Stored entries
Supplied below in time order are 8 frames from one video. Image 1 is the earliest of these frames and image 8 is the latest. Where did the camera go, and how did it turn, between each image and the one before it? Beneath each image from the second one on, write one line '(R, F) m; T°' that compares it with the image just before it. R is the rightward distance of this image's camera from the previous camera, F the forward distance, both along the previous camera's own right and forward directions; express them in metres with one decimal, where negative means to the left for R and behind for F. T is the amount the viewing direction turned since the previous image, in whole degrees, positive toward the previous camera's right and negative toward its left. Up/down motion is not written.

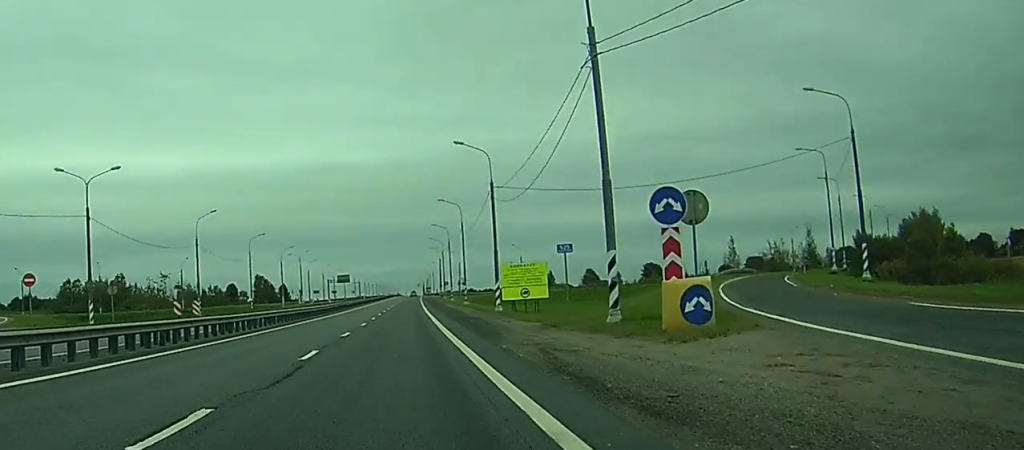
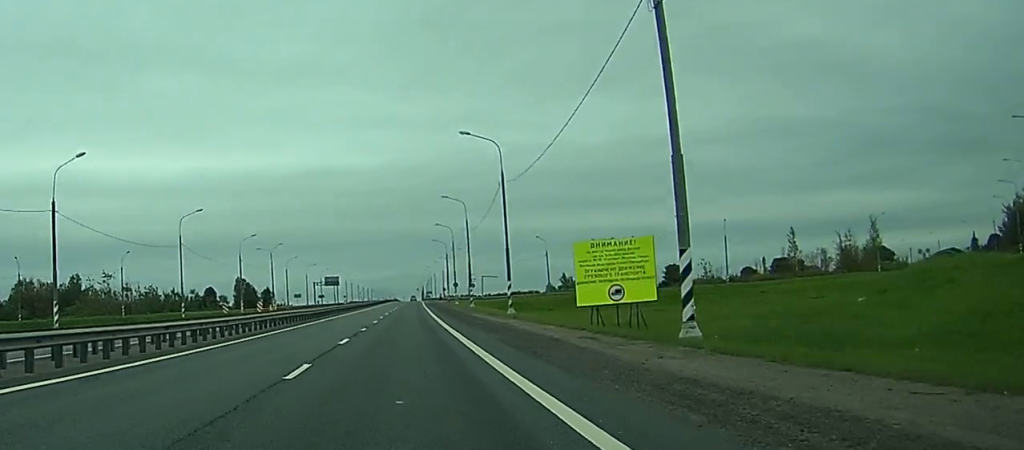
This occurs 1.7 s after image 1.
(-0.9, +38.8) m; -2°
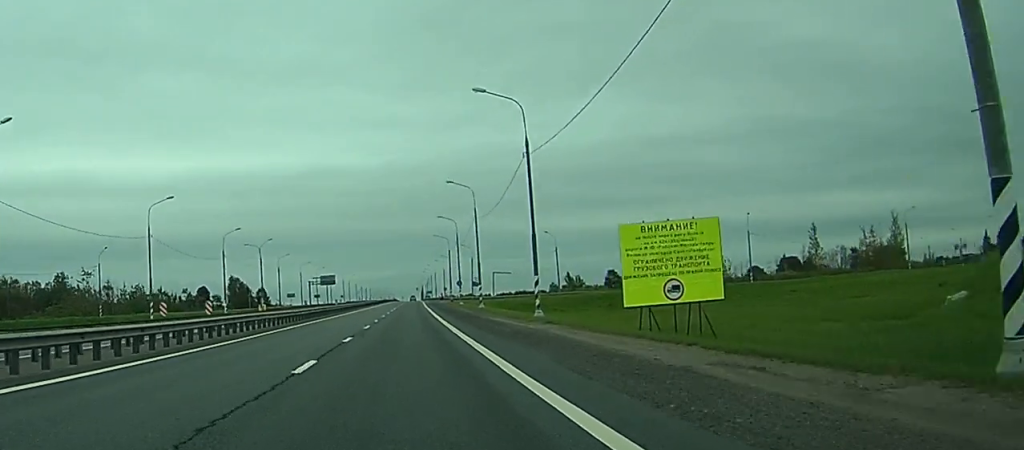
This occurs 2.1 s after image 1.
(-0.1, +10.9) m; 0°
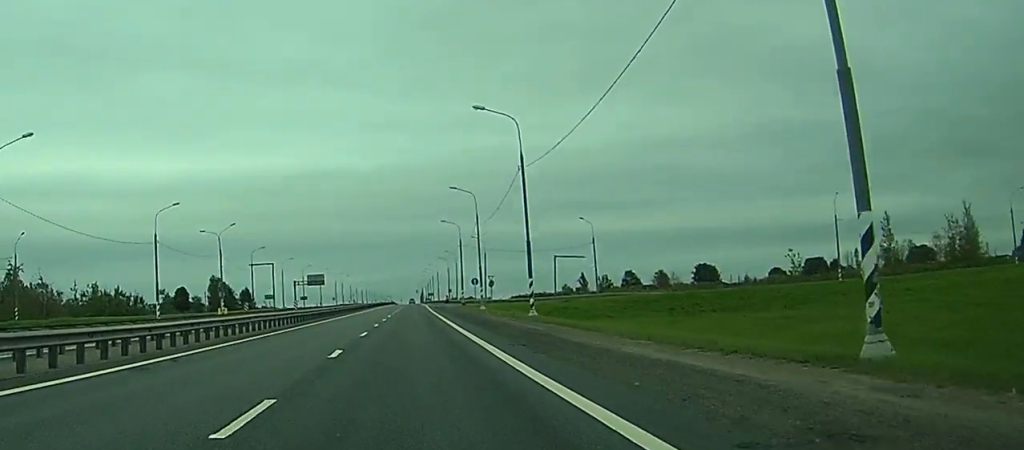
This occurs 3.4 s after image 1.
(+0.1, +30.4) m; 0°
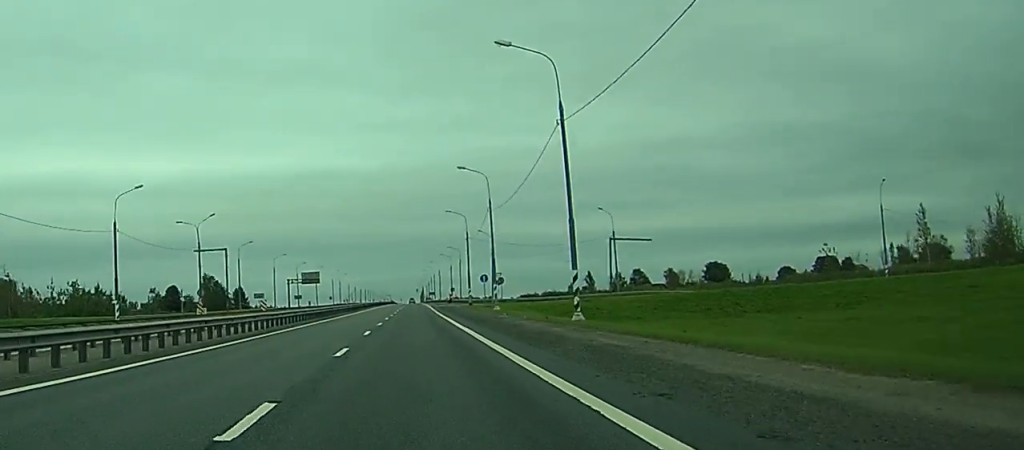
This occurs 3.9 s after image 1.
(0.0, +11.8) m; 0°
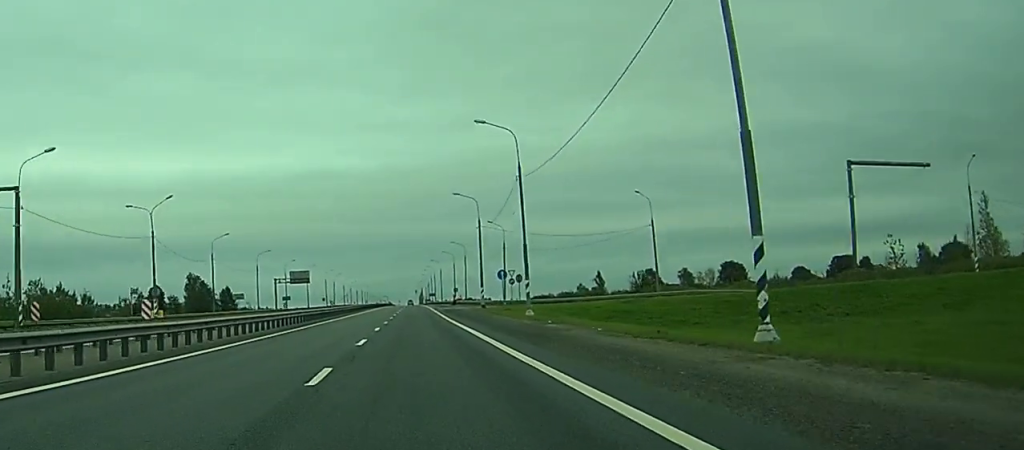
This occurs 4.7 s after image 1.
(0.0, +18.2) m; 0°
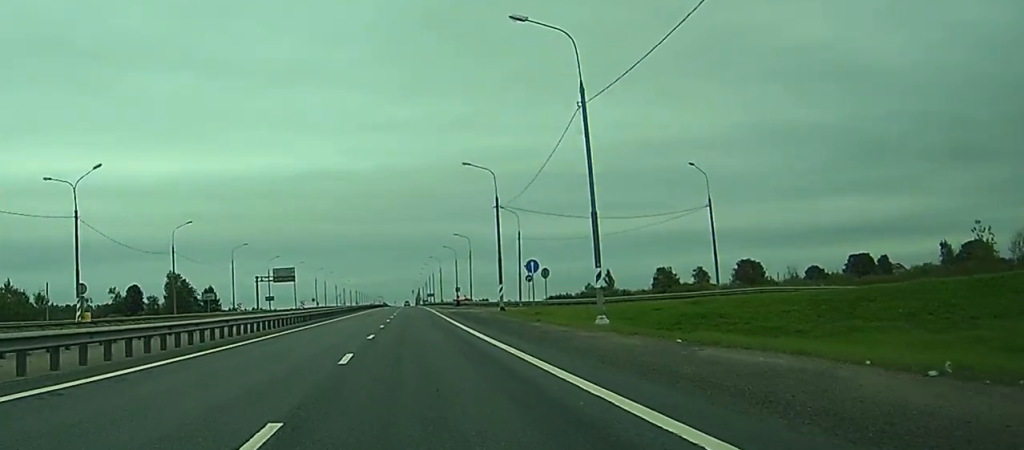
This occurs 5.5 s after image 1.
(0.0, +19.1) m; 0°
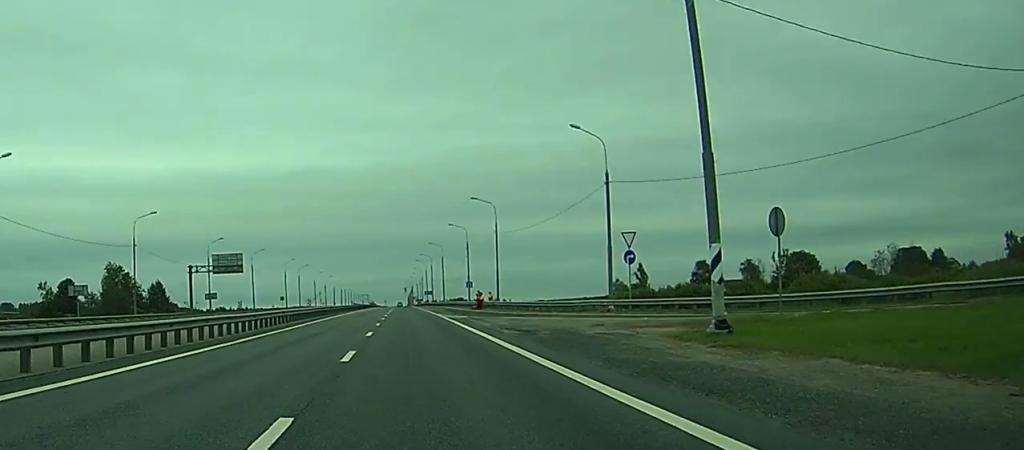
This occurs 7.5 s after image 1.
(+0.6, +47.5) m; +1°

TASK BRIEF -
Please output all of the entries exactly as they appear, with no pictures.

RESPONSE BELOW -
Supplied below in time order are 8 frames from one video. Image 1 is the earliest of these frames and image 8 is the latest. Where did the camera go, and how did it turn, between each image and the one before it? Beneath each image from the second one on, write one line '(R, F) m; T°' that compares it with the image just before it. R is the rightward distance of this image's camera from the previous camera, F the forward distance, both along the previous camera's own right and forward directions; express them in metres with one decimal, where negative means to the left for R and behind for F. T is the amount the viewing direction turned since the previous image, in whole degrees, positive toward the previous camera's right and negative toward its left. Up/down motion is not written.

This occurs 1.7 s after image 1.
(-0.9, +38.8) m; -2°
This occurs 2.1 s after image 1.
(-0.1, +10.9) m; 0°
This occurs 3.4 s after image 1.
(+0.1, +30.4) m; 0°
This occurs 3.9 s after image 1.
(0.0, +11.8) m; 0°
This occurs 4.7 s after image 1.
(0.0, +18.2) m; 0°
This occurs 5.5 s after image 1.
(0.0, +19.1) m; 0°
This occurs 7.5 s after image 1.
(+0.6, +47.5) m; +1°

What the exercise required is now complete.